The concept of a UAV – fitted for example with a world-first solution like RazorLink, which Inmarsat has embedded within its newly launched maritime-focused NexusWave – agnostically making use of any carrier network, based on location, cost or quality of service, has too long been a guarded secret. But it shouldn’t be. And in UAS and many other sectors, the market opportunities are seemingly unlimited for the adoption of true hybrid.
Many other industries spanning defence, space exploration, connected and autonomous vehicles, emergency services, telehealth, cloud-based HPC, as well as AI and machine learning, require more than just connectivity – they demand an ‘intelligent connection’.
Few theatres in life push the boundaries of technological innovation more than defence, and in Ukraine we have watched and read daily news about the impact of drones in changing the course of combat, both in attack and defence.
As well as their destructive power, UAVs as airborne observation platforms significantly enhance situational awareness and the creation of a common operating picture.
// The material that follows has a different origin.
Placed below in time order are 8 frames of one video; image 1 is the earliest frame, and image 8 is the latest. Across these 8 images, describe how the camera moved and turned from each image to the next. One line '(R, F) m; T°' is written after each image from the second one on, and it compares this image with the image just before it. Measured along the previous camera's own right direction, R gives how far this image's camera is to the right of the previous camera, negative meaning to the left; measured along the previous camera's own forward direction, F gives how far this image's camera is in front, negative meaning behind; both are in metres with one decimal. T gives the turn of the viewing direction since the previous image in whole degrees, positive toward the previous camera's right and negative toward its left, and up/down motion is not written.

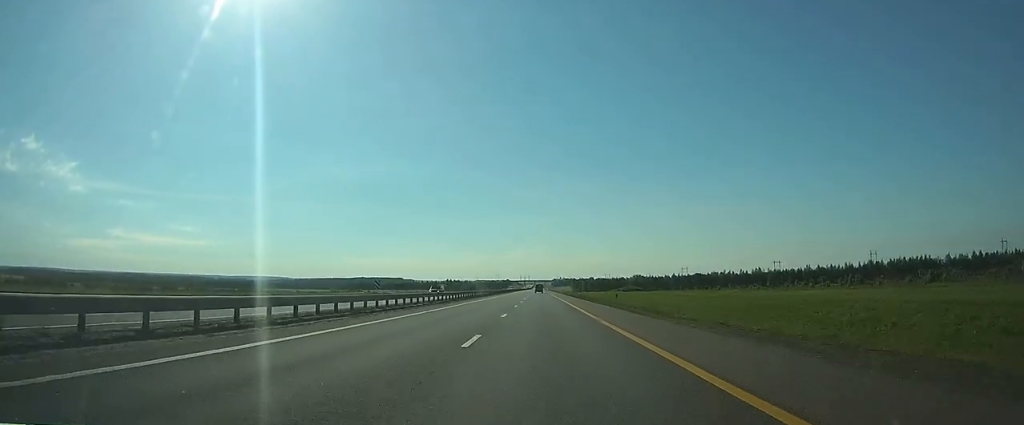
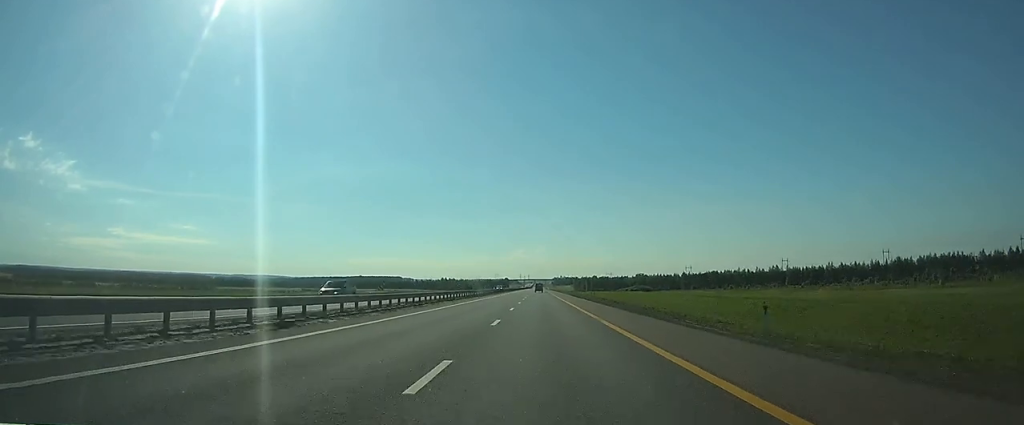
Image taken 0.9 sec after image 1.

They can also be a crucial aid by acting as a relay point, connecting tactical units with the command post. With hybrid connectivity, drones or other assets can move seamlessly between networks, picking and choosing bearers of opportunity based on any range of preset criteria.
There are plenty of use cases where military drones will play a crucial role in the future, including swarms of drones or other distributed systems. However, their capabilities will only be fully realised with the robust connectivity that true hybrid alone can guarantee.
Now transpose this into the civil sector, where the power of heterogenous networks are fully harnessed and the possibilities are endless to transform the ability of UAV to comprehensively address tasks across all industries, and to do so safely and efficiently for the first time – and potentially moreover at less cost.

Tristan Wood is CEO and founder of Livewire Digital.